Aim of the task -> Find the lines holding the string "linearGradient" in the data, then copy all of them.

═════ Given information

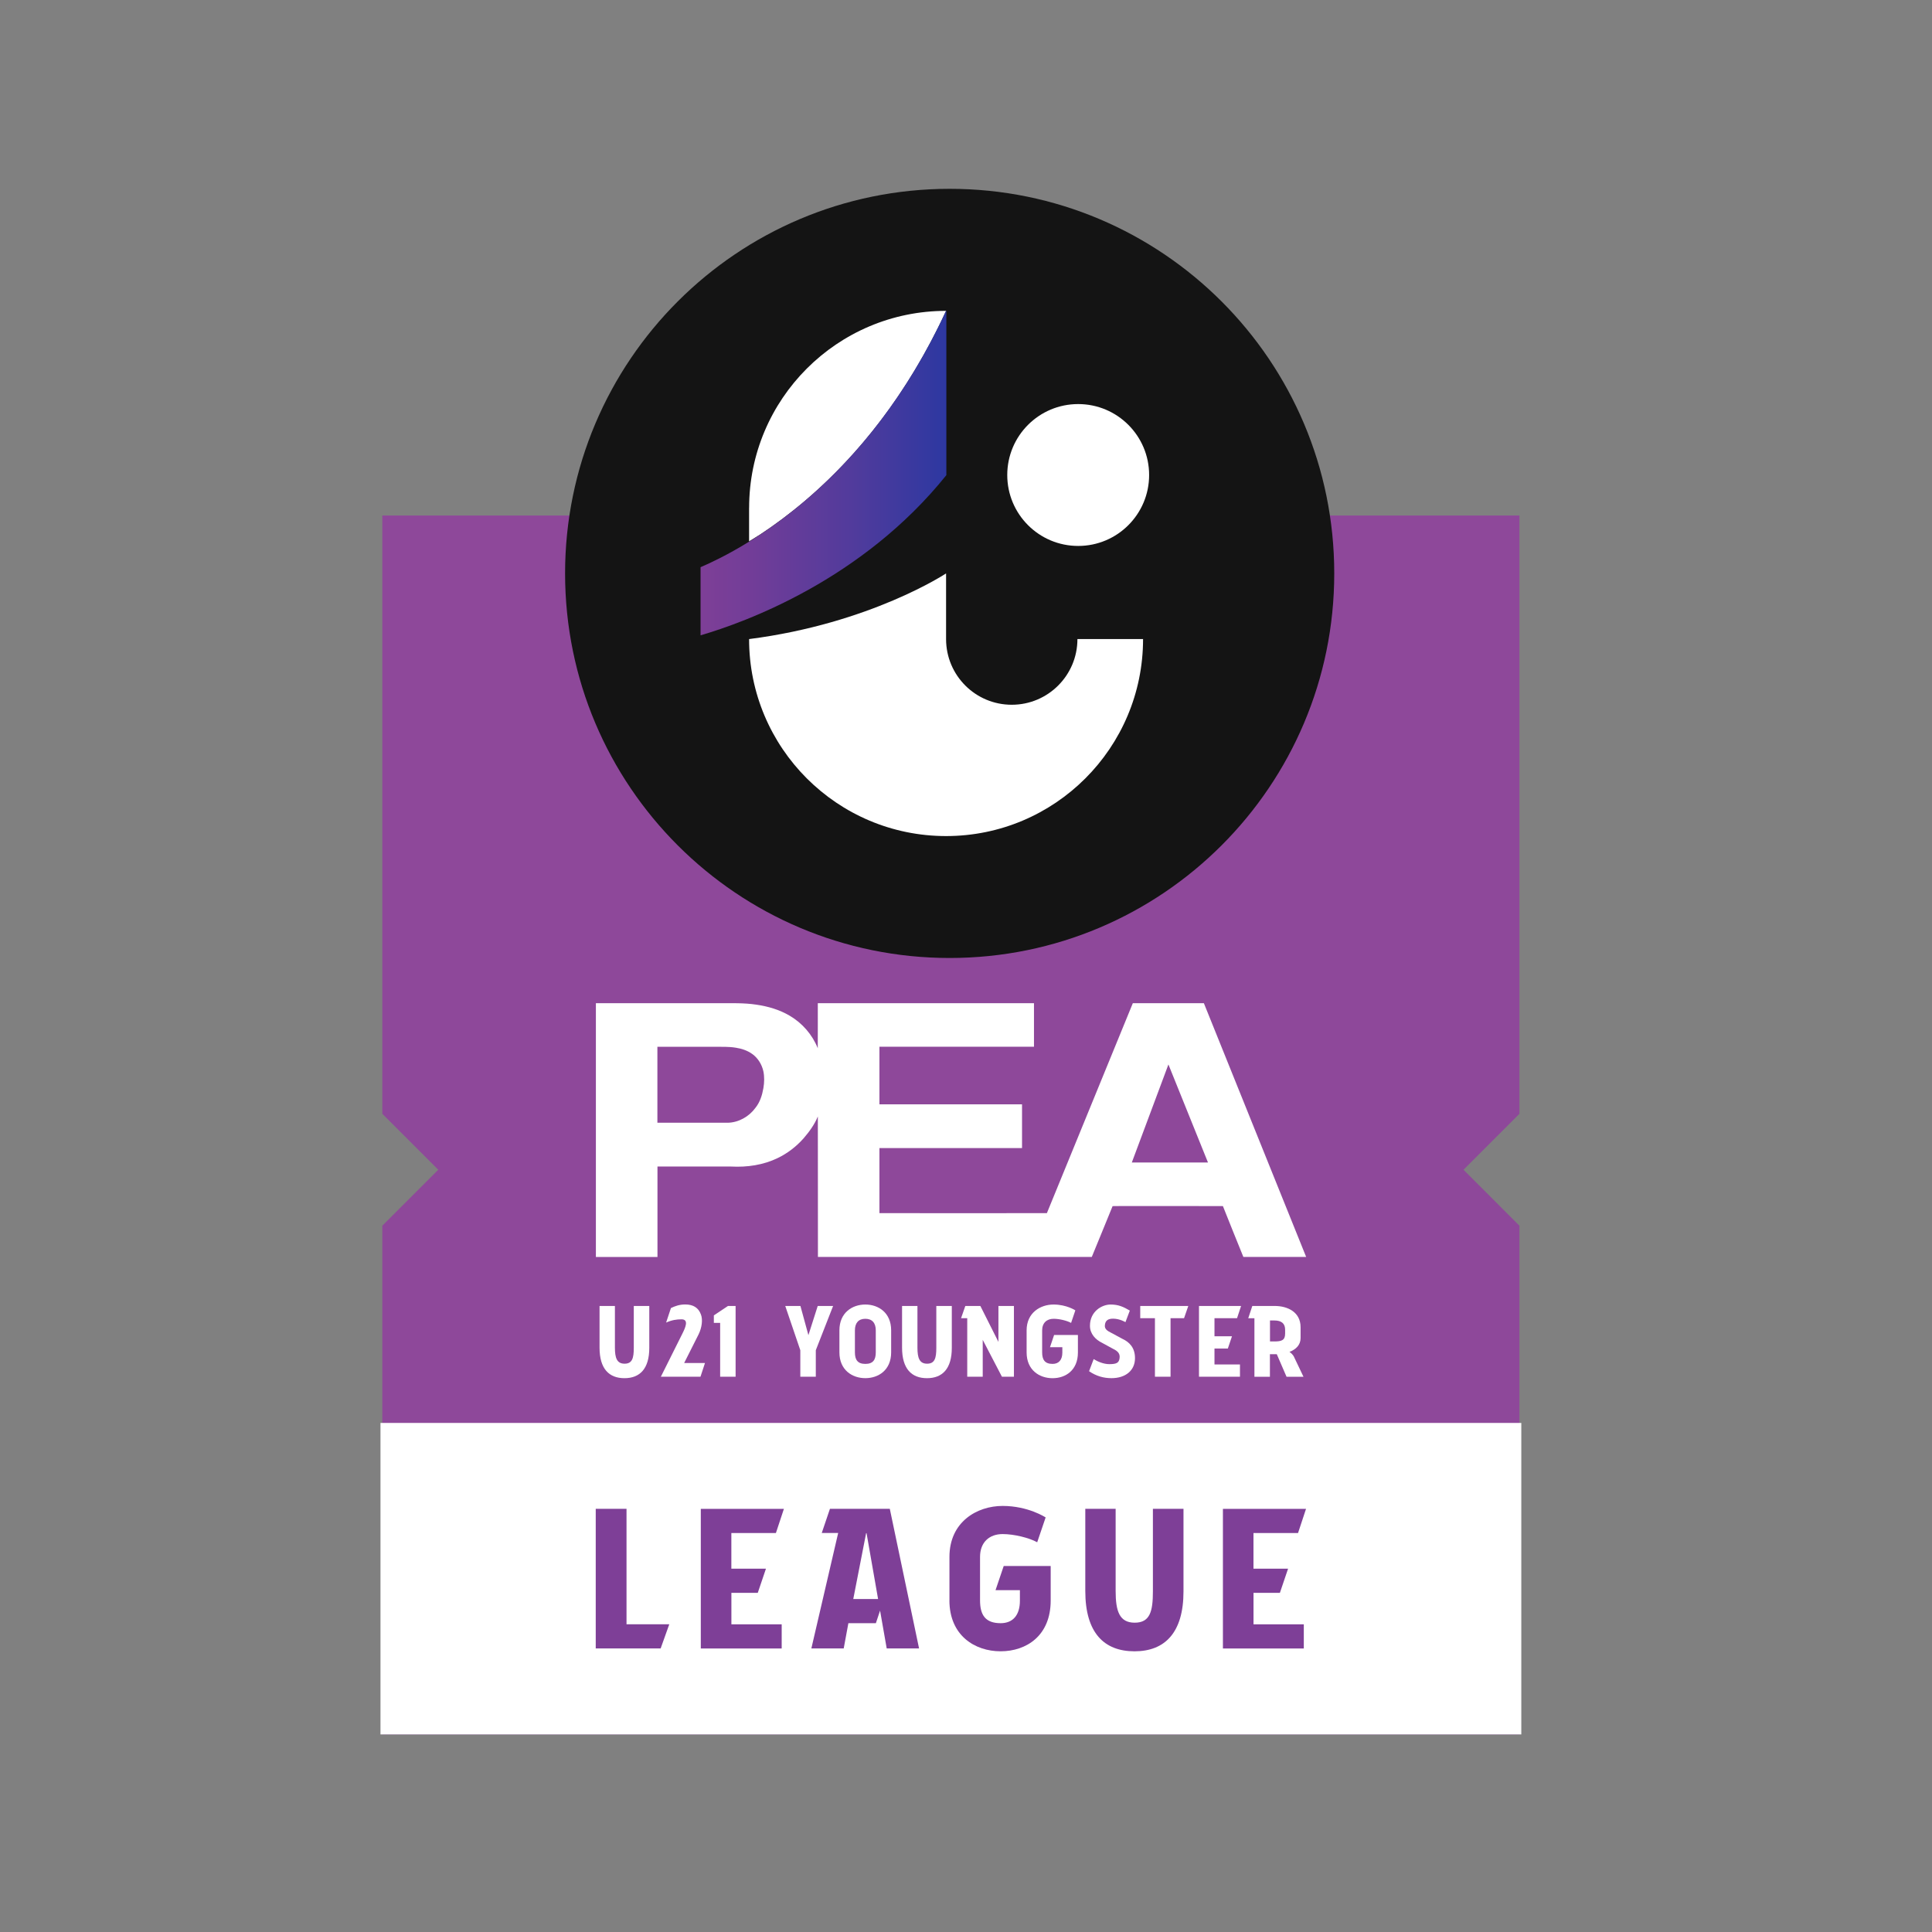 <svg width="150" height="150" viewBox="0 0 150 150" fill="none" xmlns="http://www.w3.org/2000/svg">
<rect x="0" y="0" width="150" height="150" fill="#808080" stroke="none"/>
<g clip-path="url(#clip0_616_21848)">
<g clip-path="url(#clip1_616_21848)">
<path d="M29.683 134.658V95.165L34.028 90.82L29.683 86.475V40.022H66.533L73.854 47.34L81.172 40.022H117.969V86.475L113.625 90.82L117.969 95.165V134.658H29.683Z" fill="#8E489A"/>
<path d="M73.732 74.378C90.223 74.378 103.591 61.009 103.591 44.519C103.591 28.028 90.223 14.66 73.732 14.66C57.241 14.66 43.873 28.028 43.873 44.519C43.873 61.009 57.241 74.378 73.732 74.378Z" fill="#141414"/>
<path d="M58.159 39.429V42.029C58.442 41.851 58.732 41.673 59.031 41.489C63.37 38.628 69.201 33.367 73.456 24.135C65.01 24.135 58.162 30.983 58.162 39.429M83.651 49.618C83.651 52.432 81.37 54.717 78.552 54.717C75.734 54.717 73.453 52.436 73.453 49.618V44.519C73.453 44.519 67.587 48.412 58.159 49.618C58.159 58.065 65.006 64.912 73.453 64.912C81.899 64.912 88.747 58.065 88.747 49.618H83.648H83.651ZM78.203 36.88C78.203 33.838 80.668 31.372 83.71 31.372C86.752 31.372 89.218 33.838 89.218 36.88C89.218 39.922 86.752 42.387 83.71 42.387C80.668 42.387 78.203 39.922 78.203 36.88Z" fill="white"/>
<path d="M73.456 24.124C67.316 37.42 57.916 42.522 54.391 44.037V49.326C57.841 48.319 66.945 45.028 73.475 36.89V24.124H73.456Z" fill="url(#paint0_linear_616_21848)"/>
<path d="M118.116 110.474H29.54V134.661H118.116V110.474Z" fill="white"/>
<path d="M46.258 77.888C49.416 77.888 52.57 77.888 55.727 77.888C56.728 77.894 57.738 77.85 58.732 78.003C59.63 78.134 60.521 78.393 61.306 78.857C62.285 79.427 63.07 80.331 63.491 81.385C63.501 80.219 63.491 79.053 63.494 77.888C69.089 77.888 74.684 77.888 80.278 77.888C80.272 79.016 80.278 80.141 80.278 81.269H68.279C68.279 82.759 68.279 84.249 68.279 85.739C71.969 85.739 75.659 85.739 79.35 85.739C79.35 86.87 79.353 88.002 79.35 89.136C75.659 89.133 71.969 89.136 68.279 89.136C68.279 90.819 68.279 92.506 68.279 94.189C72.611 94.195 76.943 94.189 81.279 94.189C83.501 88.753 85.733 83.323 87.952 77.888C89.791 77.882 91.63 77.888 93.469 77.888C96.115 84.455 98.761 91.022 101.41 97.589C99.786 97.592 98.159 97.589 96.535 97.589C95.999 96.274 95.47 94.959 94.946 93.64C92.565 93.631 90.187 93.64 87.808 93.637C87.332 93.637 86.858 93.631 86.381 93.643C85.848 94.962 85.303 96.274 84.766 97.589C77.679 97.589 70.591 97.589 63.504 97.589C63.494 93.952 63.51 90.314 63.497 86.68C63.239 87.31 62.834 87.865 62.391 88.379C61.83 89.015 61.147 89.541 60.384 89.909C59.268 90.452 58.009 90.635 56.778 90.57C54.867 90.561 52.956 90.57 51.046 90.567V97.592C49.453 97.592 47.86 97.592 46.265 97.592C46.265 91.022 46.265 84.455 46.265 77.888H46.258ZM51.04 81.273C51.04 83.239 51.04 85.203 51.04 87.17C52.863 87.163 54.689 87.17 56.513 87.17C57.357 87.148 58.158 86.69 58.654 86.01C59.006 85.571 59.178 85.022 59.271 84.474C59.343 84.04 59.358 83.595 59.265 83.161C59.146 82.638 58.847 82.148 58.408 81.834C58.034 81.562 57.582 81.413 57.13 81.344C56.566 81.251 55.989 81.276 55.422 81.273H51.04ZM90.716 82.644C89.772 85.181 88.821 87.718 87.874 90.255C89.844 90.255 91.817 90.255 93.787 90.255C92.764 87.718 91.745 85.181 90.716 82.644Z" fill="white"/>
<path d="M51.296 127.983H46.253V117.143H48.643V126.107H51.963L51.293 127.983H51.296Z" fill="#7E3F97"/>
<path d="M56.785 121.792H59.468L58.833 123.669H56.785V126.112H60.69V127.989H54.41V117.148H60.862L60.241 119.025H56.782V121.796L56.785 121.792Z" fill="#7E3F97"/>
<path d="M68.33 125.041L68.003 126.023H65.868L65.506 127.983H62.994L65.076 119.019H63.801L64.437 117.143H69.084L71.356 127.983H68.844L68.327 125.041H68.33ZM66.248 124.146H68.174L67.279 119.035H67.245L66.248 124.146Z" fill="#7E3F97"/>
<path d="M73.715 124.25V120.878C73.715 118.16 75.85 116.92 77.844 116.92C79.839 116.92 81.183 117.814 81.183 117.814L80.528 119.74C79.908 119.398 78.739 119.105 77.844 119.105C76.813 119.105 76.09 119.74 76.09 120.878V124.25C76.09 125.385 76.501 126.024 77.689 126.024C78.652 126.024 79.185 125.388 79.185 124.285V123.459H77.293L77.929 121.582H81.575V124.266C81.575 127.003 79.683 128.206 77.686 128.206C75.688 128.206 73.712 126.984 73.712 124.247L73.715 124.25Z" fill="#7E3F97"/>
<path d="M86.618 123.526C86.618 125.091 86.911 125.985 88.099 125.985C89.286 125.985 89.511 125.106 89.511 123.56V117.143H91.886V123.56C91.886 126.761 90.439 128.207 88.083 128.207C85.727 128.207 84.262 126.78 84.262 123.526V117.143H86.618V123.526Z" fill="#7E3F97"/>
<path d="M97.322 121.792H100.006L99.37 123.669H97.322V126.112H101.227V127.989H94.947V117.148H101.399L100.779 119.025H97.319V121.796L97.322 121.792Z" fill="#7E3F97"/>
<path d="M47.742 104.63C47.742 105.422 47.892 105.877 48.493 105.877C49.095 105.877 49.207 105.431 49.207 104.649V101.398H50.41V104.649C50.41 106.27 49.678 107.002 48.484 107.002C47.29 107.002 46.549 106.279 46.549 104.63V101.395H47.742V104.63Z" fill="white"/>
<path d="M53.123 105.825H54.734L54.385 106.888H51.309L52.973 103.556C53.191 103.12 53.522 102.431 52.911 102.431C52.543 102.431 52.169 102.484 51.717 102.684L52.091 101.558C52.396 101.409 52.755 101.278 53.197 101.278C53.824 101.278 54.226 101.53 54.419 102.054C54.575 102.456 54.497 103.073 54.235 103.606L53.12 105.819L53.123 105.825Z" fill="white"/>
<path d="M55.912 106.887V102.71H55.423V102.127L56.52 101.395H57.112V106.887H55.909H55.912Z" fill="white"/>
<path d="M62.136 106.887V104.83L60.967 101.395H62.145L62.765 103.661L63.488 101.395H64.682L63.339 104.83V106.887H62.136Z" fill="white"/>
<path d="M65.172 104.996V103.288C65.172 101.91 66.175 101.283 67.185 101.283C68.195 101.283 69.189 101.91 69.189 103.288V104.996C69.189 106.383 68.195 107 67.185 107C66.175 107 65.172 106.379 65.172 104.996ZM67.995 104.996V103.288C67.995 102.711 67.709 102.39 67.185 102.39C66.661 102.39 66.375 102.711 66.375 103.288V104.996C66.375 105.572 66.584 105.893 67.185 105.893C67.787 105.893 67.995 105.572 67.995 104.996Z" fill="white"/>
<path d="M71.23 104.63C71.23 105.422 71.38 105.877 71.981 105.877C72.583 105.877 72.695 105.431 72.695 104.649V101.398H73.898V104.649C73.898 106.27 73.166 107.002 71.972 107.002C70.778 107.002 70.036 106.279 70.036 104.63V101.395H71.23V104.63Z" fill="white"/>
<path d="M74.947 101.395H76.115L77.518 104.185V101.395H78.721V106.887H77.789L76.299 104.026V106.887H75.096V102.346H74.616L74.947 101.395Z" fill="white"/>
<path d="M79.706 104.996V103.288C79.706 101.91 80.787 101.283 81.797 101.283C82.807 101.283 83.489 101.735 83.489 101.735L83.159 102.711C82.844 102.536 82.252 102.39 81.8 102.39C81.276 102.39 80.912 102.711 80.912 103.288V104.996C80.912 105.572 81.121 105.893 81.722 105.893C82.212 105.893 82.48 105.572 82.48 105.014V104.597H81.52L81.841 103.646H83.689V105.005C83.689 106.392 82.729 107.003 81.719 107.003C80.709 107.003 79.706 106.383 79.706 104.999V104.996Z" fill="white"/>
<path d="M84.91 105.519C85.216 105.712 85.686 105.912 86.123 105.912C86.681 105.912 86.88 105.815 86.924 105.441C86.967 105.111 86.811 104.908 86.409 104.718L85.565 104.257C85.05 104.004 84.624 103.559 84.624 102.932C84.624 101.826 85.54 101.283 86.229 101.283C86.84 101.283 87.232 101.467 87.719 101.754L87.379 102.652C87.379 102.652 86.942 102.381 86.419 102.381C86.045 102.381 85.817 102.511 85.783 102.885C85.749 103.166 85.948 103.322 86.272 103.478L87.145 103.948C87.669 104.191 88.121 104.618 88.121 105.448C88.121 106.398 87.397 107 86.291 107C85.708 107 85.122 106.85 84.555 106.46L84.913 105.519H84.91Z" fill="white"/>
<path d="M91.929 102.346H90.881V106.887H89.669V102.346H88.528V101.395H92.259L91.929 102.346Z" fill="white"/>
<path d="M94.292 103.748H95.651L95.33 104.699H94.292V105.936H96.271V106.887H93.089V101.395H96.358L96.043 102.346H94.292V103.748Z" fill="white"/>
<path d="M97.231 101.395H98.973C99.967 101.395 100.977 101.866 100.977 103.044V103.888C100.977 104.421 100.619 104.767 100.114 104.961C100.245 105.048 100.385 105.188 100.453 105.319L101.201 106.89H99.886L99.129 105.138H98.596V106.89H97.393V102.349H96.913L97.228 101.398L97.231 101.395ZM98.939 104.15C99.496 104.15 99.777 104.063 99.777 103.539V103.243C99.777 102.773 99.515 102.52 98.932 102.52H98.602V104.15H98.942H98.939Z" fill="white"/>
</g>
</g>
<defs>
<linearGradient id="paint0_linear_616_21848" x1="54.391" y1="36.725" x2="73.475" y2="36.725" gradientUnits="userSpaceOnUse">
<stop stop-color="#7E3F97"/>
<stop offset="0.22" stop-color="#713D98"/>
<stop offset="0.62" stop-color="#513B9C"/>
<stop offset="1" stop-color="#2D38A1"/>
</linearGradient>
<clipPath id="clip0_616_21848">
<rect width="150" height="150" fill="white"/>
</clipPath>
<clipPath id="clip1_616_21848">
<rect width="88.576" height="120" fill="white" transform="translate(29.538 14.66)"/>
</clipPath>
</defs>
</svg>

══════════

Response box ->
<linearGradient id="paint0_linear_616_21848" x1="54.391" y1="36.725" x2="73.475" y2="36.725" gradientUnits="userSpaceOnUse">
</linearGradient>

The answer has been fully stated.